By Aaron Gray-Block and Joseph Logan
THE HAGUE/TRIPOLI (Reuters) - A war crimes prosecutor on Monday sought an arrest warrant for Muammar Gaddafi accusing him of killing protesters against his 41-year rule as NATO stepped up air strikes on Libyan forces.
Luis Moreno-Ocampo, International Criminal Court prosecutor, also asked judges, who must now see if there is enough evidence to issue warrants, for the arrest of Gaddafi's son Saif al-Islam and his spy chief brother-in-law Abdullah al-Senussi.
In the uprising, civilians were attacked at home, protests were suppressed using live ammunition, heavy artillery was used against funeral processions and snipers deployed to kill people leaving mosques after prayers, the prosecutor said.
"We have strong evidence, so strong evidence," Moreno-Ocampo said, adding: "We are almost ready for trial ... Gaddafi ruled Libya through fear and Libyans are losing that fear now."
The prosecutor's office had received calls from senior officials in the Gaddafi government in the past week to provide information. Prosecutors spoke with eyewitnesses to attacks and assessed evidence from 1,200 documents, plus videos and photos.
Thousands of people have been killed in the conflict in the North African oil-producing desert state, the bloodiest of the revolts which have convulsed the Middle East in what has been called the "Arab Spring."

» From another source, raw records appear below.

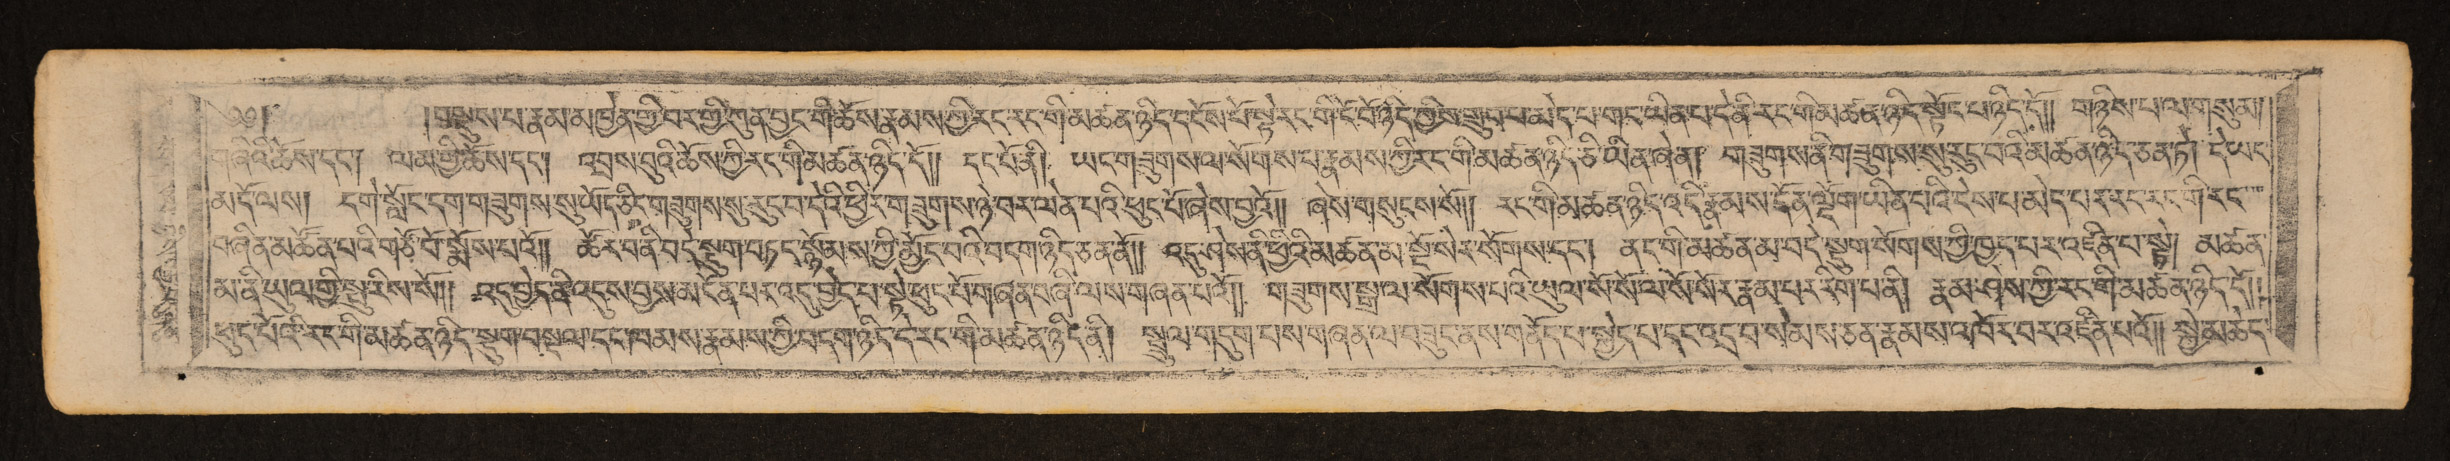༄༅། །བསྡུས་པ་རྣམ་མཁྱེན་གྱི་བར་གྱི་ཀུན་བྱང་གི་ཆོས་རྣམས་ཀྱི་རང་རང་གི་མཚན་ཉིད་དངོས་པོ་སྟེ་རང་གི་ངོ་བོ་ཉིད་ཀྱིས་གྲུབ་པ་མེད་པ་གང་ཡིན་པ་དེ་ནི་རང་གི་མཚན་ཉིད་སྟོང་པ་ཉིད་དོ།། གཉིས་པ་ལ་གསུམ།
གཞིའི་ཆོས་དང་། ལམ་གྱི་ཆོས་དང་། འབྲས་བུའི་ཆོས་ཀྱི་རང་གི་མཚན་ཉིད་དོ།། དང་པོ་ནི། ཡང་གཟུགས་ལ་སོགས་པ་རྣམས་ཀྱི་རང་གི་མཚན་ཉིད་ཅི་ཡིན་ཞེ་ན། གཟུགས་ནི་གཟུགས་སུ་རུང་བའི་མཚན་ཉིད་ཅན་ཏེ། དེ་ཡང་
མདོ་ལས། དགེ་སློང་དག་གཟུགས་སུ་ཡོད་ཅིང་གཟུགས་སུ་རུང་བ་དེའི་ཕྱིར་གཟུགས་ཉེ་བར་ལེན་པའི་ཕུང་པོ་ཞེས་བྱའོ།། ཞེས་གསུངས་སོ།། རང་གི་མཚན་ཉིད་འདི་རྣམས་དོན་ལྡོག་ཡིན་པའི་ངེས་པ་མེད་པར་རང་རང་གི་རང་
བཞིན་མཚོན་པའི་གཙོ་བོ་སྨོས་པའོ།། ཚོར་བ་ནི་བདེ་སྡུག་བཏང་སྙོམས་ཀྱི་མྱོང་བའི་བདག་ཉིད་ཅན་ནོ།། འདུ་ཤེས་ནི་ཕྱིའི་མཚན་མ་སྔོ་སེར་སོགས་དང་། ནང་གི་མཚན་མ་བདེ་སྡུག་སོགས་ཀྱི་ཁྱད་པར་འཛིན་པ་སྟེ། མཚན་
མ་ནི་ཡུལ་གྱི་སྤུ་རིས་སོ།། འདུ་བྱེད་ནི་འདུས་བྱས་མངོན་པར་འདུ་བྱེད་པ་སྟེ་ཕུང་པོ་གཞན་བཞི་ལས་གཞན་པའོ།། གཟུགས་སྒྲ་ལ་སོགས་པའི་ཡུལ་སོ་སོ་ལ་སོ་སོར་རྣམ་པར་རིག་པ་ནི། རྣམ་ཤེས་ཀྱི་རང་གི་མཚན་ཉིད་དོ།།
ཕུང་པོའི་རང་གི་མཚན་ཉིད་སྡུག་བསྔལ་དང་ཁམས་རྣམས་ཀྱི་བདག་ཉིད་དེ་རང་གི་མཚན་ཉིད་ནི། སྦྲུལ་གདུག་པས་གཞན་ལ་བཟུང་ནས་གནོད་པ་སྐྱེད་པ་དང་འདྲ་བ་སེམས་ཅན་རྣམས་འཁོར་བར་འཛིན་པའོ།། སྐྱེ་མཆེད་

NATO, which has been hitting targets in Libya for nearly two months, appeared to step up its bombing campaign on Monday with strikes in several towns and cities including Tripoli, according to Libyan state television and rebels.
On the diplomatic front, Italian Foreign Minister Franco Frattini said the United Nations was working on the removal of Gaddafi to exile to make way for a new government and a Libyan government delegation was expected in Moscow on Tuesday.

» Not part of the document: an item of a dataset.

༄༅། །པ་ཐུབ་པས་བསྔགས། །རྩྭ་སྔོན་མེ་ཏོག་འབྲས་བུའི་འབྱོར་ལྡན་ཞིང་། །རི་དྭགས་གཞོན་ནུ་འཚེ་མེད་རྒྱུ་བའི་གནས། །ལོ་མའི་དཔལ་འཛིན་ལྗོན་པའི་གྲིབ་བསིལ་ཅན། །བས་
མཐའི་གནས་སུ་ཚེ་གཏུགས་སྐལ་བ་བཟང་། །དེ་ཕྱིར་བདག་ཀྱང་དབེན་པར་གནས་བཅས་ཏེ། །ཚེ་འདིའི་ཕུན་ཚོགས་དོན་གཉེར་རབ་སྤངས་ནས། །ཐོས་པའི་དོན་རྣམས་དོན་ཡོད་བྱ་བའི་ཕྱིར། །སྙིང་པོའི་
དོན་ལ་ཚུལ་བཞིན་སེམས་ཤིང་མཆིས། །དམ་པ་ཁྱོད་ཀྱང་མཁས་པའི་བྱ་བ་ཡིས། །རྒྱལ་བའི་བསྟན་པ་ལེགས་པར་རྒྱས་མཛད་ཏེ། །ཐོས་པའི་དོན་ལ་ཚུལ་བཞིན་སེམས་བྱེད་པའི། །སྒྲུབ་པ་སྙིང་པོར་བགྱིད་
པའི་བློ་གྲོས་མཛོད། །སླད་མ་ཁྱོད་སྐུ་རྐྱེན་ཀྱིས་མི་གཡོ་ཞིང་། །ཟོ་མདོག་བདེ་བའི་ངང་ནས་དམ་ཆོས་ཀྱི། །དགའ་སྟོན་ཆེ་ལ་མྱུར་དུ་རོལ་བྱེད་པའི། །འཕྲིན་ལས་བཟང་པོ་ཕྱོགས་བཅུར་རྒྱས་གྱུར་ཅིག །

Libyan officials have denied killing civilians, saying instead they were forced to take action against criminal armed gangs and al Qaeda militants. They say a NATO bombing campaign is an act of colonial aggression aimed at grabbing Libya's oil.
PERSECUTION, TORTURE
Moreno-Ocampo said persecution was still taking place in areas under Gaddafi control with forces arresting, imprisoning and torturing alleged dissidents. Some people had disappeared.

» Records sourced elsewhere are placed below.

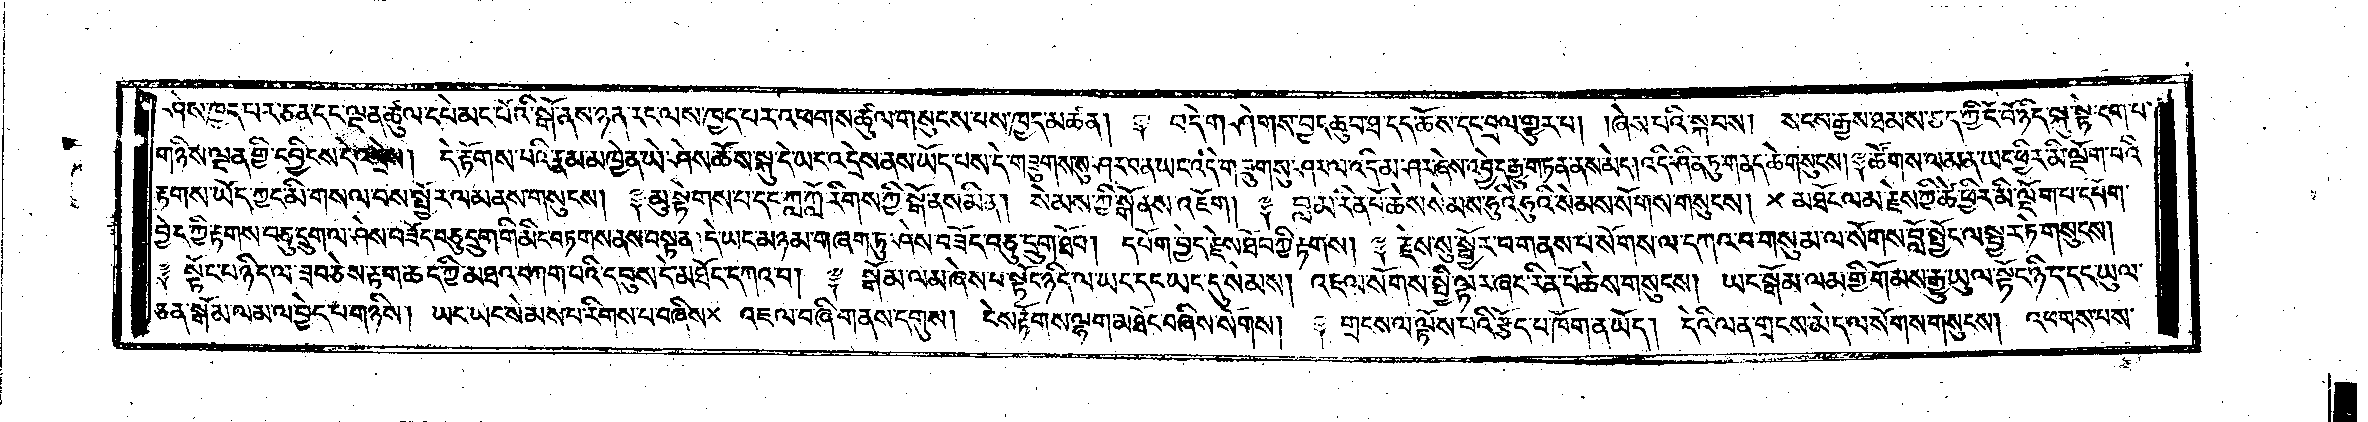ཤེས་ཁྱད་པར་ཅན་དང་ལྡན་ཚུལ་དཔེ་མང་པོའི་སྒོ་ནས་ཉན་རང་ལས་ཁྱད་པར་འཕགས་ཚུལ་གསུངས་པས་ཁྱད་མཚན། ༈ བདེ་གཤེགས་བྱང་ཆུབ་ཐ་དད་ཆོས་དང་བྲལ་འགྱུར་བ། ཞེས་པའི་སྐབས། སངས་རྒྱས་ཐམས་ཅད་ཀྱི་ངོ་བོ་ཉིད་སྐུ་སྟེ་དག་པ་
ཉིས་ལྡན་གྱི་དབྱིངས་དེ་འདྲེས། དེ་རྟོགས་པའི་རྣམ་མཁྱེན་ཡེ་ཤེས་ཆོས་སྐུ་དེ་ཡང་འདྲེས་ནས་ཡོད་པས་དེ་གཟུགས་སུ་ཤར་བ་ན་ཡང་འདི་གཟུགས་སུ་ཤར་ལ་འདི་མ་ཤར་ཞེས་འབྱེད་རྒྱུ་གཏན་ནས་མེད། འདི་ཤིན་ཏུ་གནད་ཆེ་གསུངས། ༈ ཚོགས་ལམ་ན་ཡང་ཕྱིར་མི་ལྡོག་པའི་
ཤས་ཡོད་ཀྱང་མི་གསལ་བས་སྦྱོར་ལམ་ནས་གསུངས། ༈ མུ་སྟེགས་པ་དང་ཀླ་ཀློ་རིགས་ཀྱི་སྒོ་ནས་མིན། སེམས་ཀྱི་སྒོ་ནས་འཇོག ། ༈ བླ་མ་རིན་པོ་ཆེས་སེམས་ཧུའི་ཧུའི་སེམས་སོགས་གསུངས། ྾་མཐོང་ལམ་རྗེས་ཀྱི་ཚེ་ཕྱིར་མི་ལྡོག་པ་དཔོག་
ཀྱི་རྟགས་བཅུ་དྲུག་ལ་ཤེས་བཟོད་བཅུ་དྲུག་གི་མིང་བཏགས་ནས་བསྟན། དེ་ཡང་མཉམ་གཞག་ཏུ་ཤེས་བཟོད་བཅུ་དྲུག་ཐོབ། དཔོག་བྱེད་རྗེས་ཐོབ་ཀྱི་རྟགས། ༈ རྗེས་སུ་སྦྱོར་བ་གནས་པ་སོགས་ལ་དཀའ་བ་གསུམ་ལ་སོགས་བློ་སྤྱོང་ལ་སྦྱར་ཏེ་གསུངས།
སྟོང་པ་ཉིད་ལ་ཟབ་ཅེས་རྟག་ཆད་ཀྱི་མཐའ་བཀག་པའི་དབུས་དེ་མཐོང་དཀའ་བ། ༈ སྒོམ་ལམ་ཞེས་པ་སྟོང་ཉིད་ལ་ཡང་དང་ཡང་དུ་སེམས། འཇལ་སོགས་སྤྱི་ལྟར་ཞང་རིན་པོ་ཆེས་གསུངས། ཡང་སྒོམ་ལམ་གྱི་གོམས་རྒྱུ་ཡུལ་སྟོང་ཉིད་དང་ཡུལ་
སྒོམ་ལམ་ལ་བྱེད་པ་གཉིས། ཡང་ཡང་སེམས་པ་རིགས་པ་བཞིས་྾་འཇལ་བཞི་གནས་དགུས། ངེས་རྟོགས་ལྷག་མཐོང་བཞིས་སོགས། ༈ གྲངས་ལ་ལྟོས་པའི་རྩོད་པ་ཁོག་ན་ཡོད། དེའི་ལན་གྲངས་མེད་ལ་སོགས་གསུངས། འཕགས་པས་

Prosecutors are also investigating reports of mass rapes, war crimes committed by different parties and attacks against sub-Saharan Africans wrongly seen as mercenaries once the Libyan situation developed into an armed conflict.
Moreno-Ocampo signalled his action earlier this month when he said he would seek three arrests for the "pre-determined" killing of protesters in Libya after the U.N. Security Council referred the violence to the Hague-based court in February.
Libyan officials have already denounced the ICC prosecutor's action, saying the court is a creation of the West for prosecuting African leaders.
Rebels welcomed the prosecutor's move.
"We have been impatiently waiting for such a decision. It is an important decision," said Belkacem, a rebel spokesman in the besieged city of Misrata. "Gaddafi hasn't stopped killing our brothers in all areas across Libya."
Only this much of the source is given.